More to follow…. in part two.
Dude,
I haven’t yet worked with the Staging Module but I’m sure that if ever I get to work with it someday, I’ll get in touch with you. It’s quite clear that you must have really been frustrated whilst working with this module. Look at the bright side… No pain, No gain !!!
Hi Paul,
Thanks for your thoughtful analysis of the Sitecore Staging Module in this and in Part II. If you are using Sitecore 6, you might consider trying the Sitecore Stager, which can be found in Sitecore’s Shared Source Library. The Stager provides item-level cache clearing and, as a result, does not trigger the full cache clearing that you describe in your article.
Two more notes: 1) The Sitecore Stager does not replace the FTP/SOAP file transfer functionality that is part of the Staging Module. 2) The Sitecore Stager does clear the HTML cache, but not the item cache. So, if you use XSLT, the transformations will be processed again; but the database won’t be hit as with the standard Staging Module.
Best wishes,
Derek
Pingback: Publishing strategies « Molten Core
Hi Paul George,
Really nice blog!
We are also facing same kind of issues sometime our front end servers shows “504 – Gateway Timeout” error. But we have configured something different which is as below:
1. Staging Module : – For upload and download sublayout files.
2. Stager Module :- For clearing cache partially. http://trac.sitecore.net/SitecoreStager
Now, our cache clearing stuff is totally managed by SiteCoreStager module. But sometimes our published changes dosen’t reflects up on front end servers which forces us to iisreset — which we would like to avoid.
Can you pls help us out. How it should be managed?
Thanks a lot,
Kiran Patil
Hi Kiran,
To simplify your implementation, you may consider the latest version of the staging module. It incorporates the partial cache clearing and the movement of files.
Since Sitecore Stage is Shared Source (and, hence, unsupported), getting on track with the latest version of the Staging Module may be the way to go.
Best wishes,
Derek
Thanks for this – you’re not wrong – we have seen the staging module full cache clearance cripple a site with a full cache clearance.

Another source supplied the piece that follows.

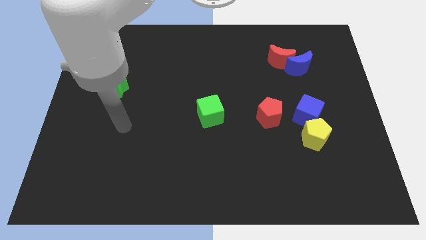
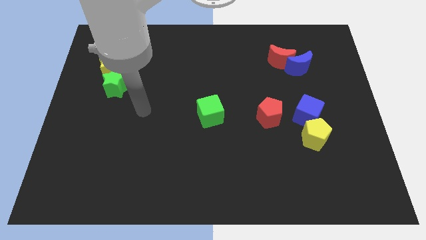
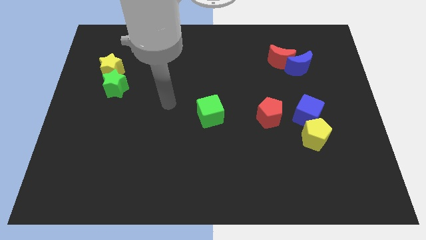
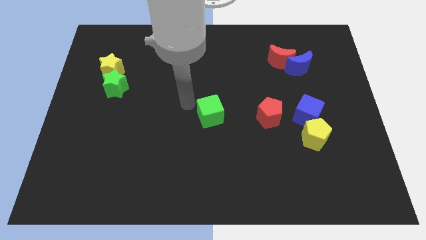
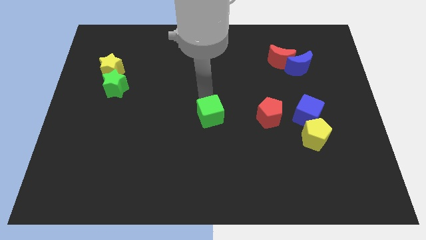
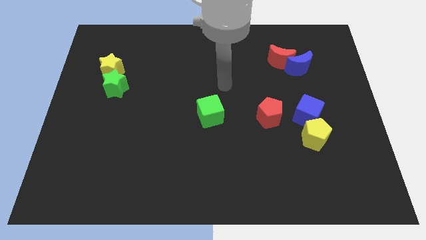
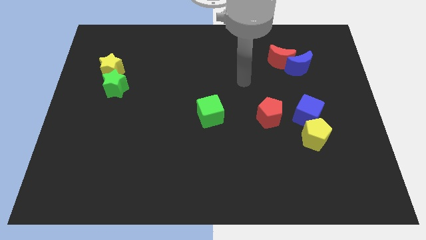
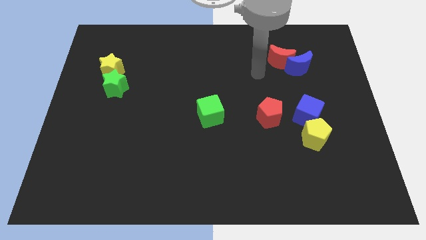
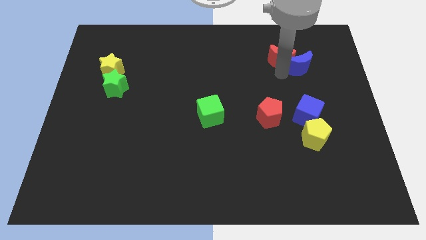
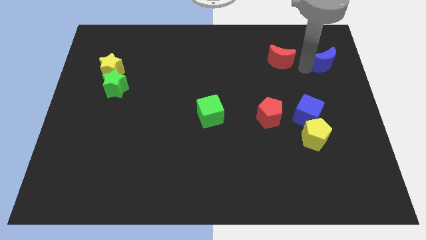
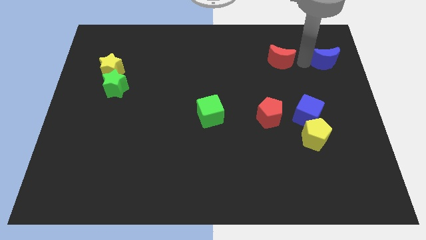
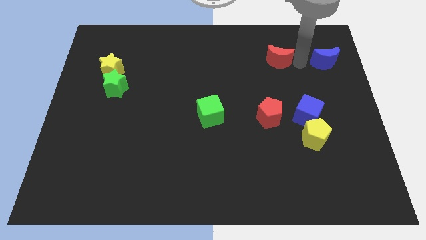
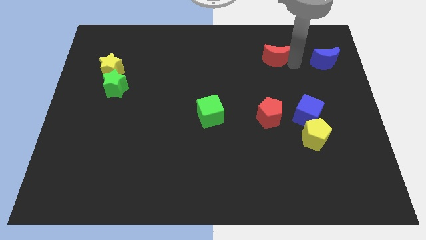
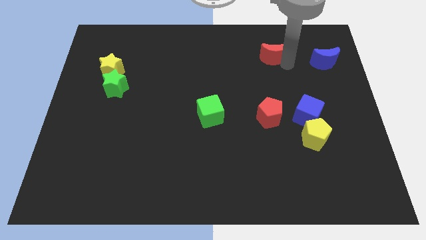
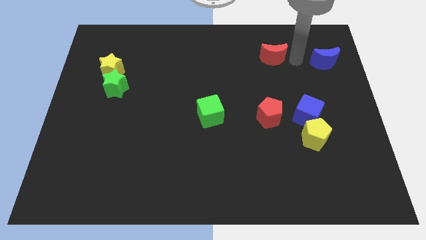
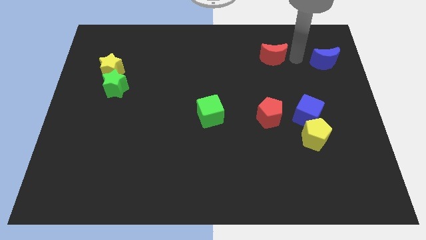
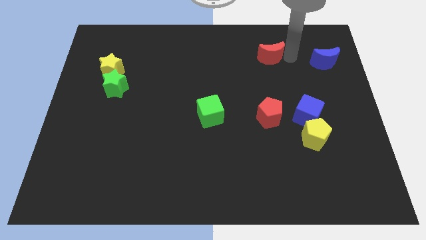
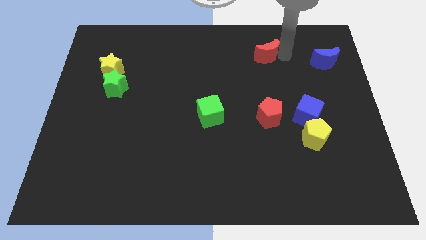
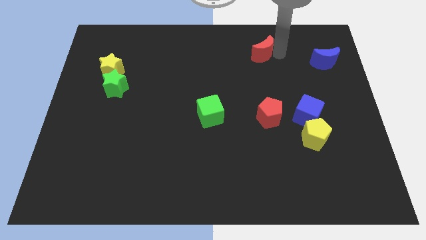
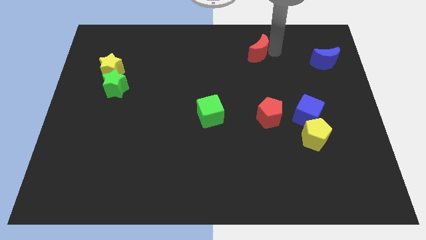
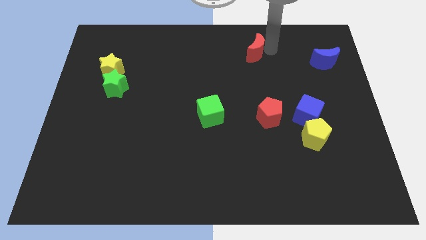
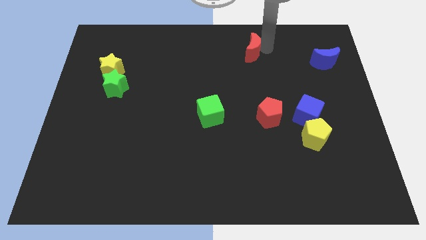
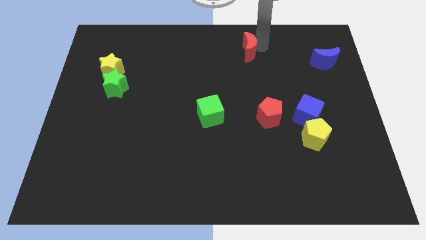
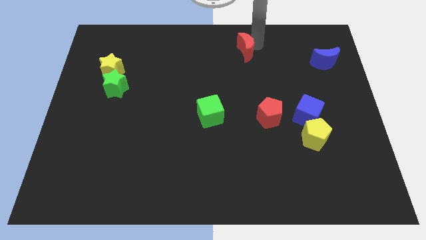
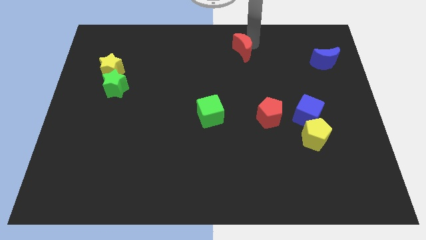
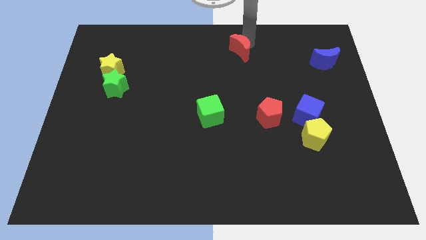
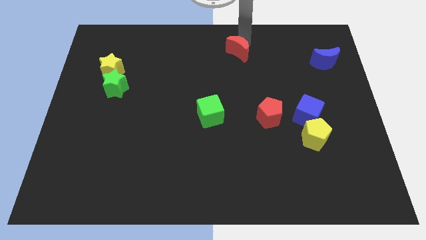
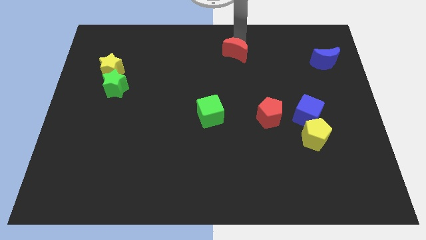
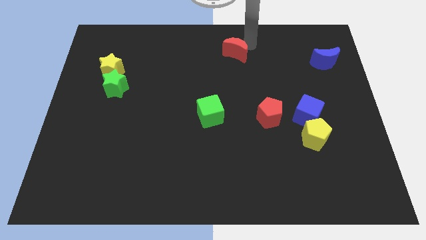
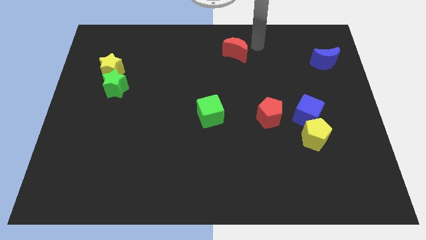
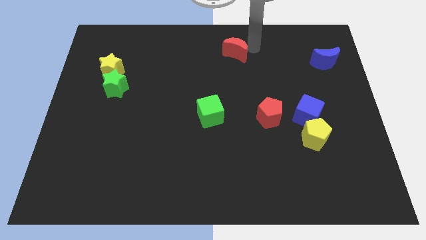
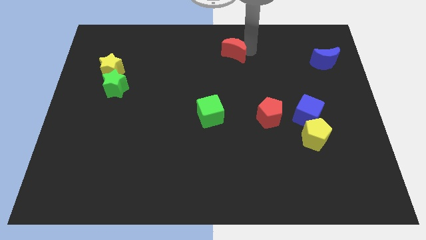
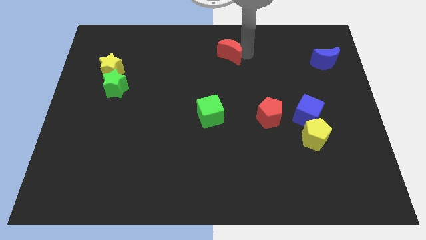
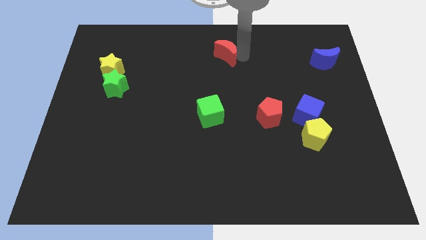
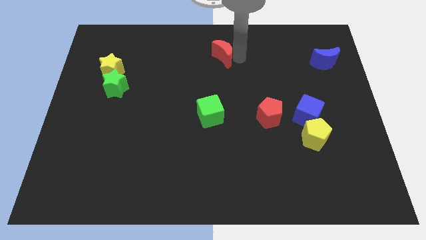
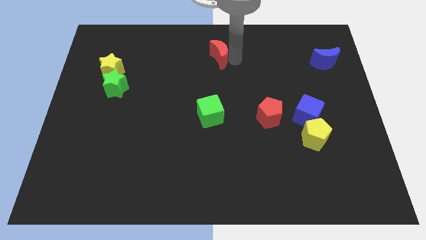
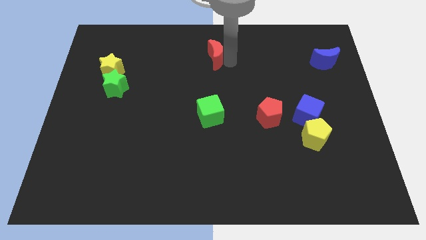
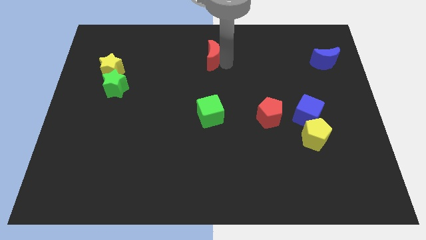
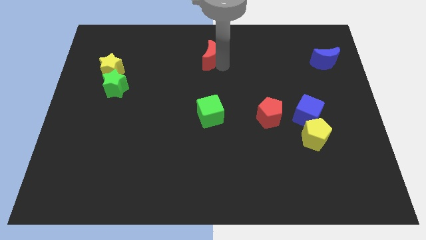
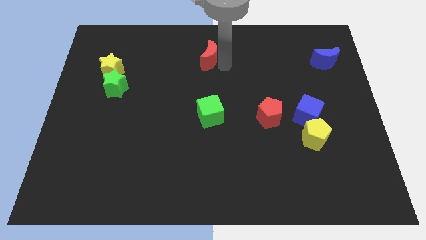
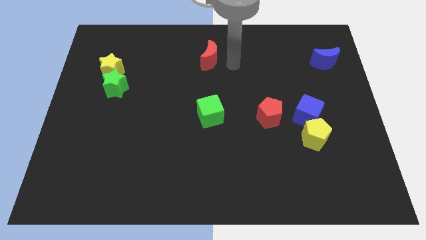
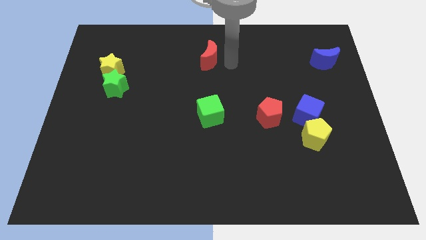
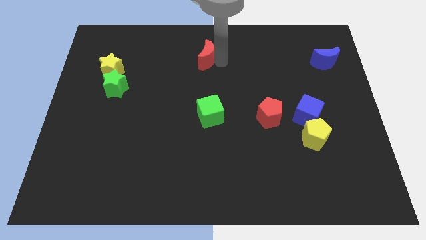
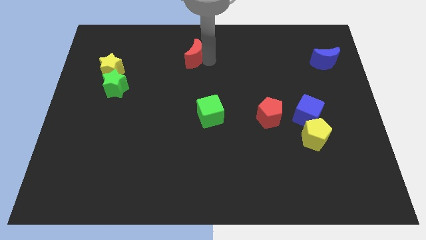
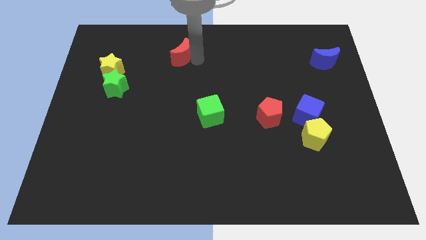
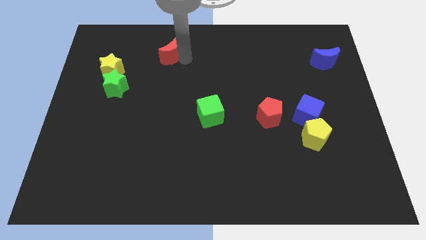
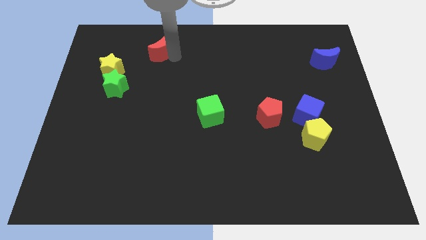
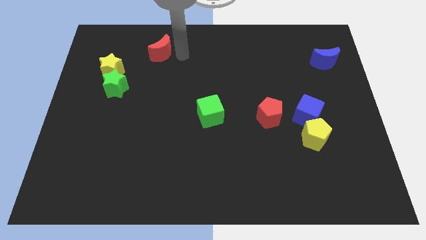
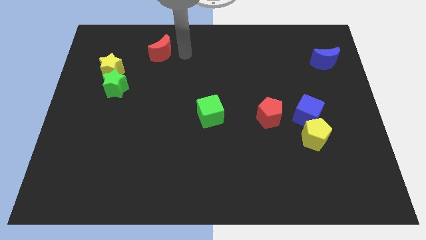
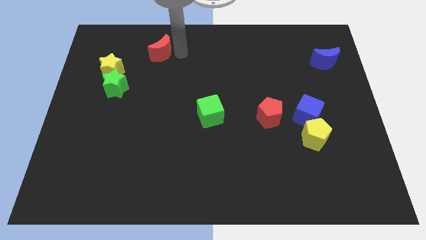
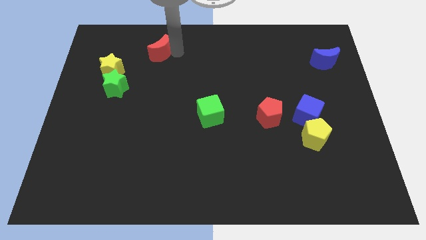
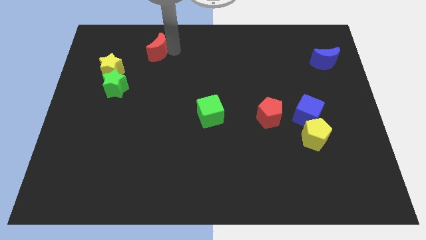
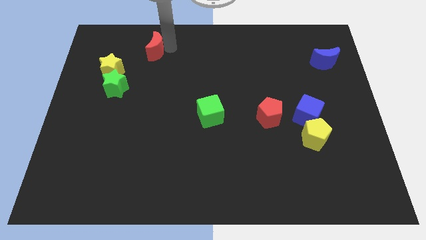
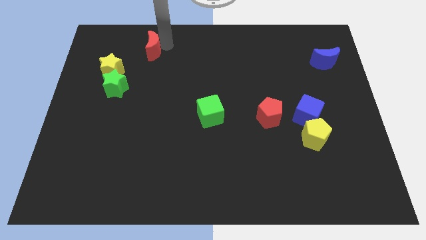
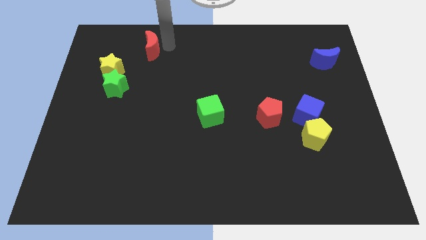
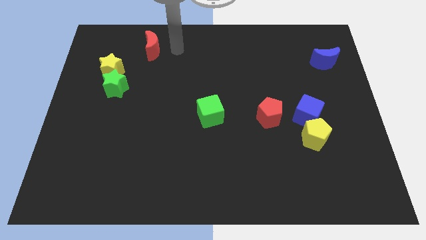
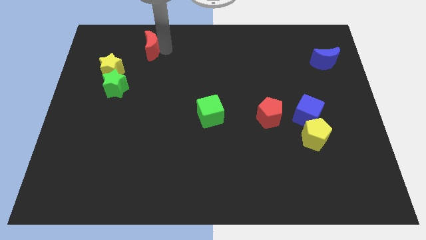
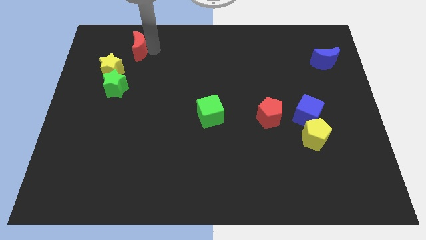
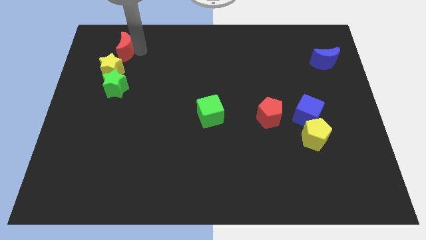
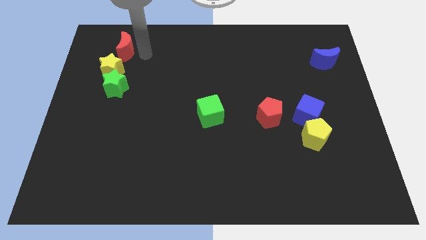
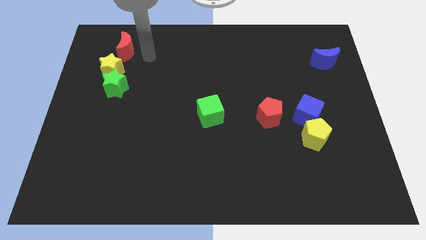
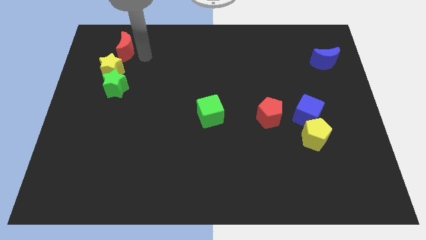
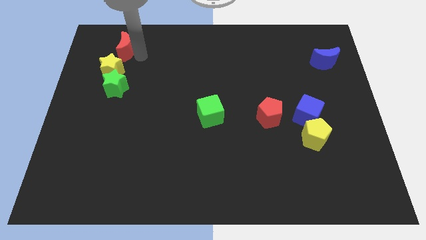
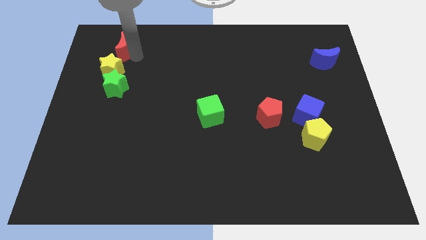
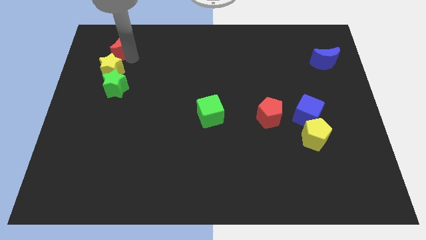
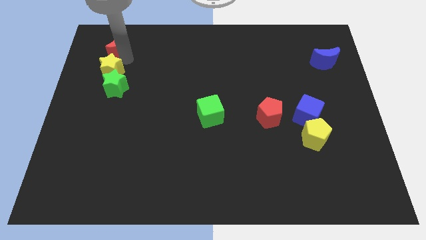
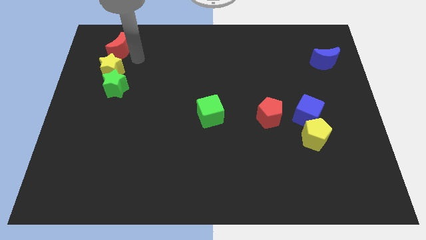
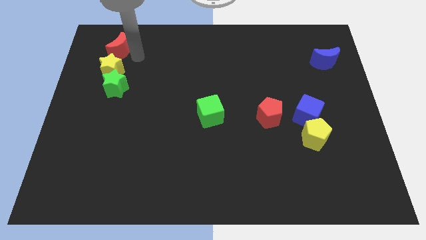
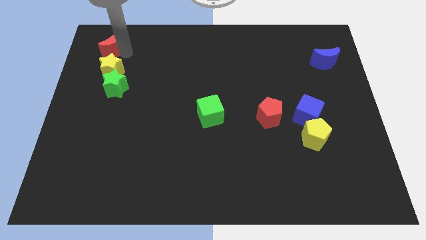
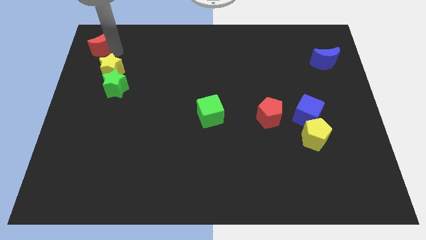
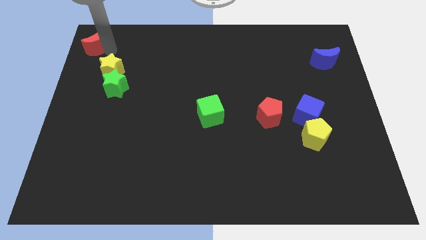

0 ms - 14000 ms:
push the red moon to the top left

However Sitecore have now assured me that the latest version of staging module works correctly with partial cache clearance. The updated documentation is here:
http://sdn.sitecore.net/upload/sdn5/modules/staging/staging_module_installation_and_configuration_guide_sc6_a4.pdf
I’ve not tried it yet but will be trying it out soon, I’ll keep you informed.
Pingback: Publishing and Cache Clearing Basics « Sitecore basics!
Nice blog, you say that if w”If there are loads of .xml files you probably have another problem” – If this is the case what is the problem?
Note: This from memory – if there are loads of xml files (each representing a job to be processed), it probably means there is no scheduled task reading & deleting them. Or perhaps they are being generated (by a publishing action) faster than they are being processed (by a scheduled task) i.e. task interval is too slow/long or publishing interval too fast…
Much better: just upgrade to a point where you can use the in-built scaling solution.